On Thu, May 25, 2006 at 02:46:32PM -0400, Mike Blonder wrote: > On Thu, 2006-05-25 at 14:05 -0400, James Vega wrote: > > On Thu, May 25, 2006 at 01:59:31PM -0400, Mike Blonder wrote: > > > Hi. > > > > > > I cannot find a good example in the documentation that would help me use > > > VIM to accomplish what I need to do: > > > > > > I need to add 6 lines to each of thousands of files. The location for > > > the lines to be added is the same and definable in a command. Anybody > > > have any ideas as to a straightforward way to get this done? I've tried > > > copying the lines to a register and then inserting the register text > > > into an argdo command, > > > > You were on the right track.
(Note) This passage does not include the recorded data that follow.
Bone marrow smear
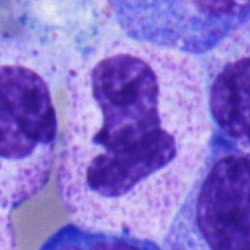Cell type — band-form neutrophil.
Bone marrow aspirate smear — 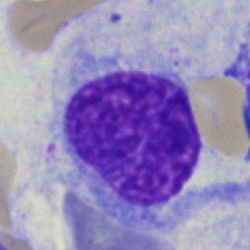

Q: What is shown here?
A: An artefact.
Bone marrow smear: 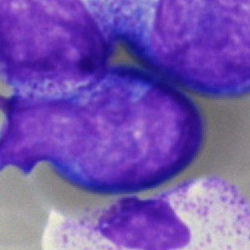

Classification: blast.
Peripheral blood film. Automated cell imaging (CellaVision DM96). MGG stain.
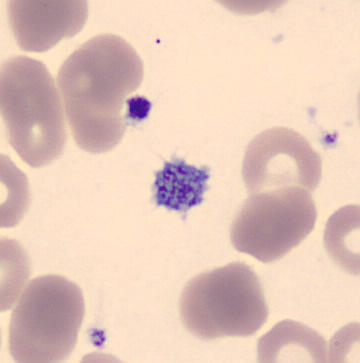

A platelet.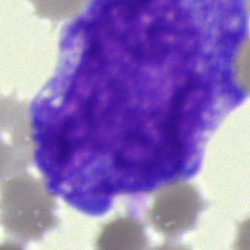 The classification is progranulocyte.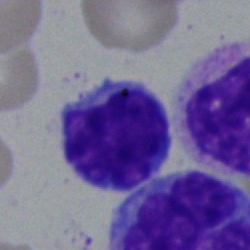

Impression — typical lymphocyte.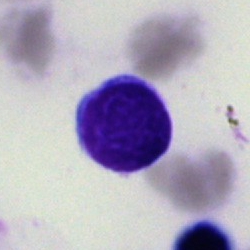
Cell = typical lymphocyte.
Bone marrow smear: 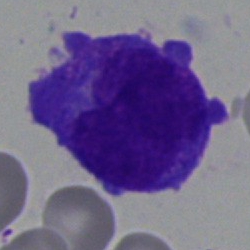

Q: What is the morphological classification of this cell?
A: This is an undifferentiated blast.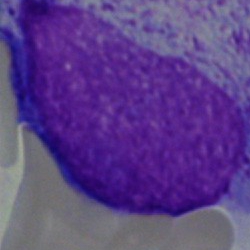
Morphological class: promyelocyte.
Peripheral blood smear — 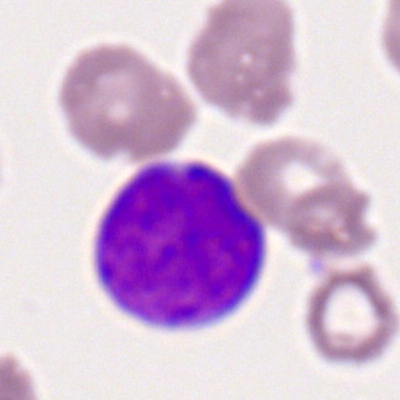Cell — myeloblast.
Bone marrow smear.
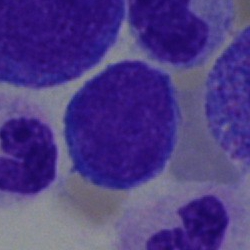 Specimen: bone marrow aspirate smear.
Cell type: lymphocyte.
Lineage: lymphoid.
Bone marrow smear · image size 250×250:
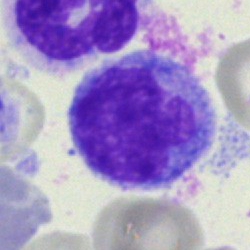The cell is monocyte.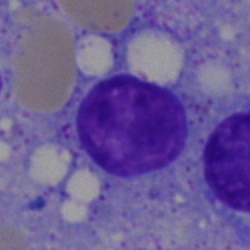
Q: What is shown here?
A: A lymphocyte.
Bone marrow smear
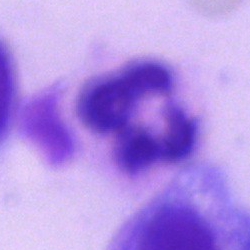

Cell — neutrophil (segmented).
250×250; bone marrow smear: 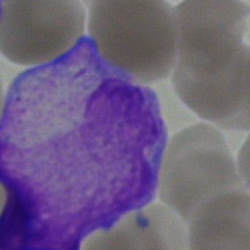 Classification: blast.
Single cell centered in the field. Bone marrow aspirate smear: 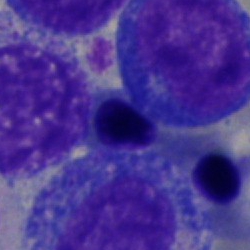Q: What is the morphological classification of this cell?
A: A cell of indeterminate lineage.
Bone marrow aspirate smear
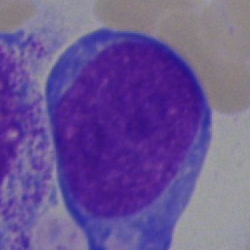

Specimen: bone marrow smear.
Classification: undifferentiated blast.
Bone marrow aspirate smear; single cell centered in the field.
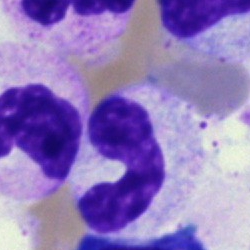
Cell — neutrophil (band).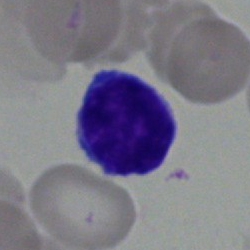

Q: What cell is this?
A: It is a lymphocyte.
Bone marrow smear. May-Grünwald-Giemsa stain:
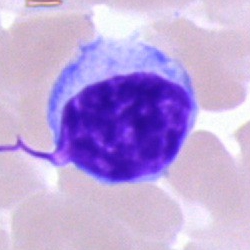
Morphology → lymphocyte.
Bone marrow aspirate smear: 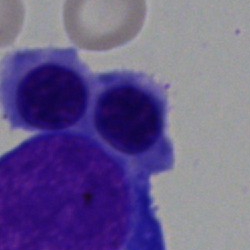A normoblast.
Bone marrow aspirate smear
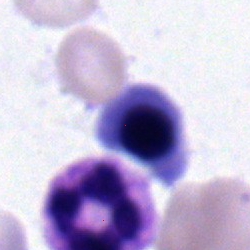 Cell type = normoblast.
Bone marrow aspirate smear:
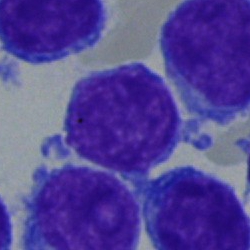Morphological class = lymphocyte.
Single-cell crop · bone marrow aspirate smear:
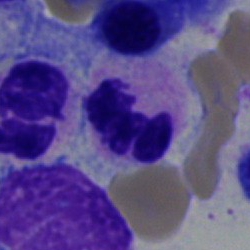 A polymorphonuclear neutrophil.
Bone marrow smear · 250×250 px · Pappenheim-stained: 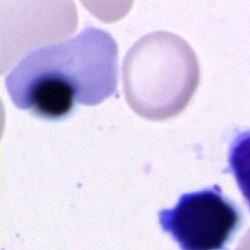 Specimen: bone marrow smear.
Morphological class: nucleated red cell.
Lineage: erythroid.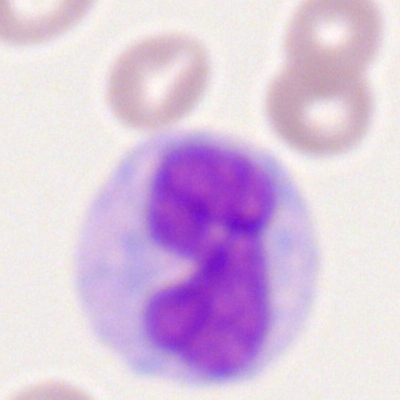Morphological class — monocyte.
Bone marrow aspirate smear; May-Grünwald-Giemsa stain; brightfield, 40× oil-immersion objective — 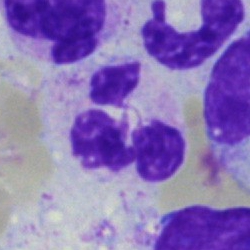 Q: What cell is this?
A: Polymorphonuclear neutrophil.
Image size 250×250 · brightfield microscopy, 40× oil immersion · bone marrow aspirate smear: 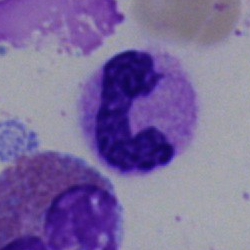The cell shown is a segmented neutrophil.
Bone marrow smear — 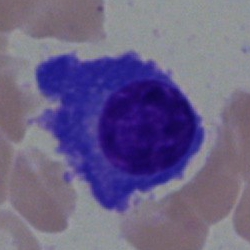 Specimen: bone marrow smear.
Cell: plasma cell.
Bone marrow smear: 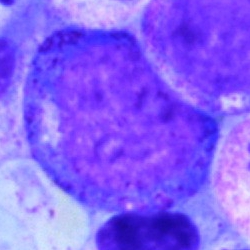
Specimen: bone marrow aspirate smear.
Cell type: promyelocyte.
Lineage: myeloid.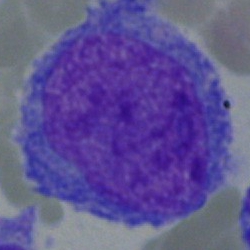
The cell shown is an undifferentiated blast.
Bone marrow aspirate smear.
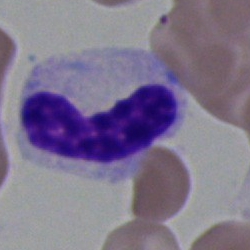
Cell: band-form neutrophil.
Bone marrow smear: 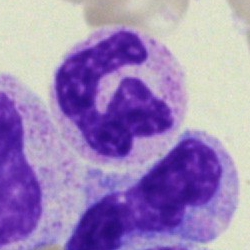 Segmented neutrophil.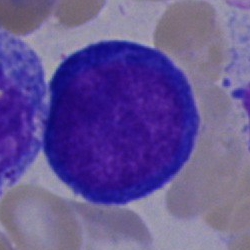
{"cell_type": "undifferentiated blast"}
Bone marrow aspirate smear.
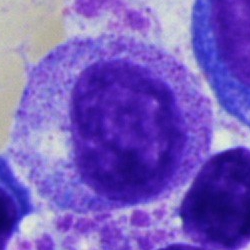Specimen: bone marrow smear.
Classification: promyelocyte.
Lineage: myeloid.
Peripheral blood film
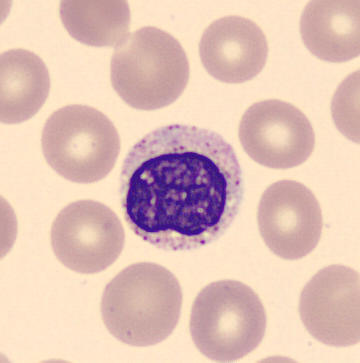 Morphological class = myelocyte.
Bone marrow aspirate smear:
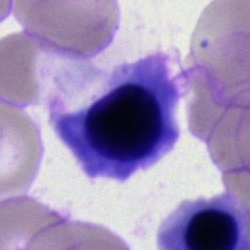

If you have all the text in a register, > > then you can just use the :put command to do what you want. For > > example, if the text was in register a and you wanted to put it after > > line 24 in every file: > > > > :argdo 24put a > > > > James > > Thanks for the tips. > > the put command does NOT seem to work. The problem is that the line > number will change, from file to file, while the pattern will not. When > I try > > argdo <\/body>P a [to put the contents of register a before the pattern > </body>] I get a trailing characters error message.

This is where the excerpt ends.